# Try it:
The reply must consist of the complete listing, reproduced exactly, with no images included.
** Opening Listed entries block **
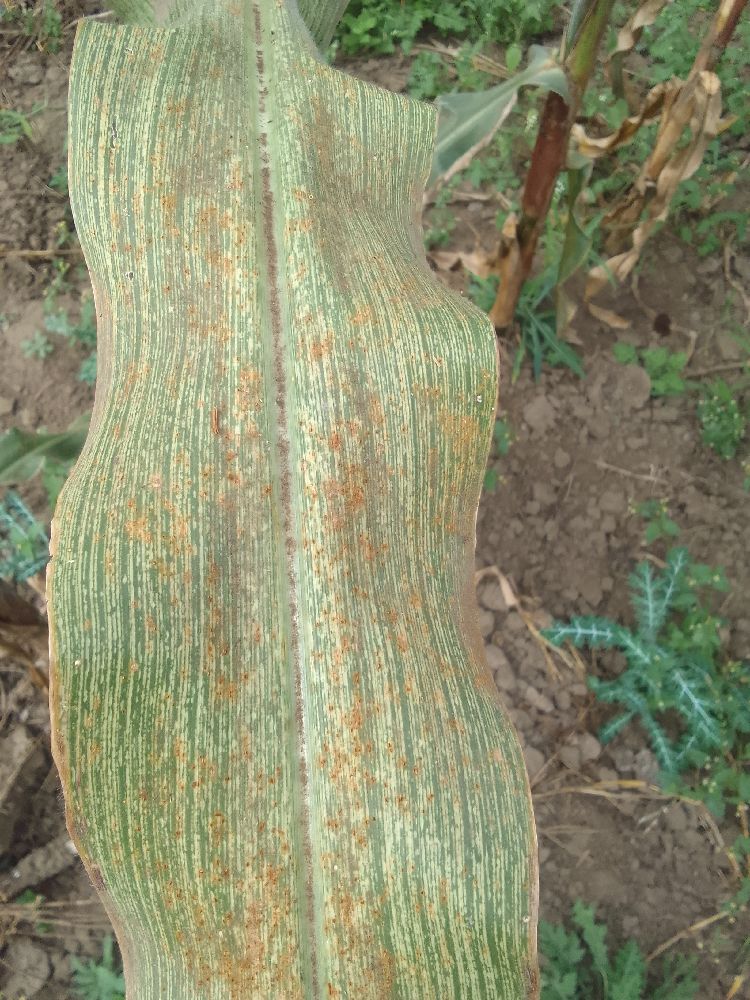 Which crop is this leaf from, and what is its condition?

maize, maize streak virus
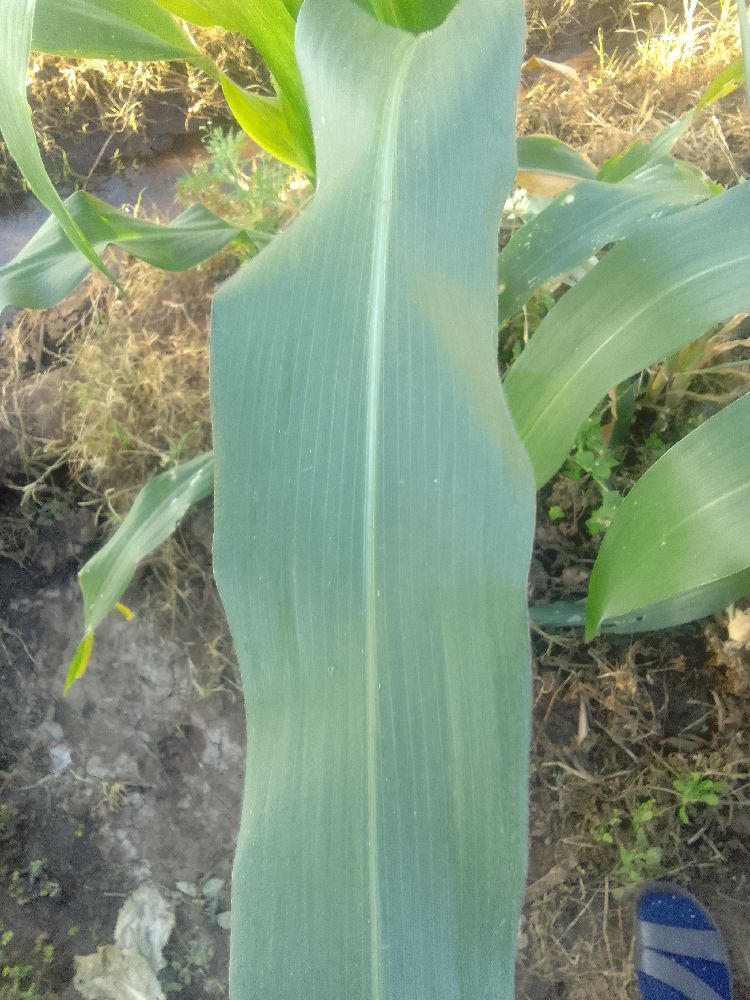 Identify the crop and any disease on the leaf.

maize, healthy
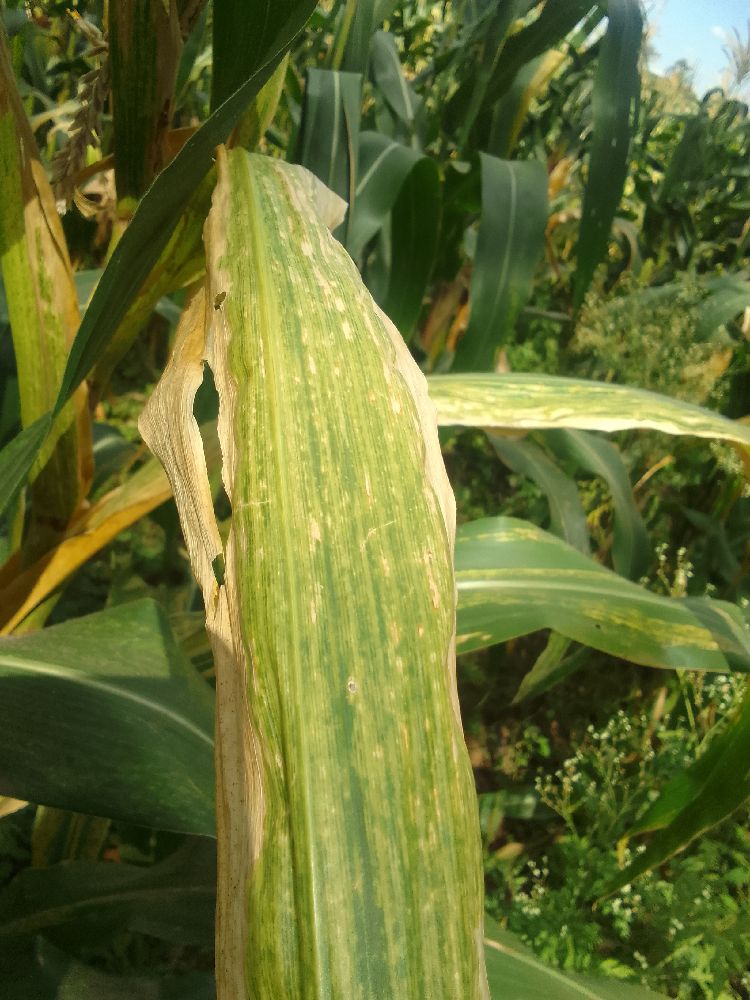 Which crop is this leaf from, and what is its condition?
** Closing Listed entries block **
# Exercise response:
 Which crop is this leaf from, and what is its condition?

maize, maize streak virus
 Identify the crop and any disease on the leaf.

maize, healthy
 Which crop is this leaf from, and what is its condition?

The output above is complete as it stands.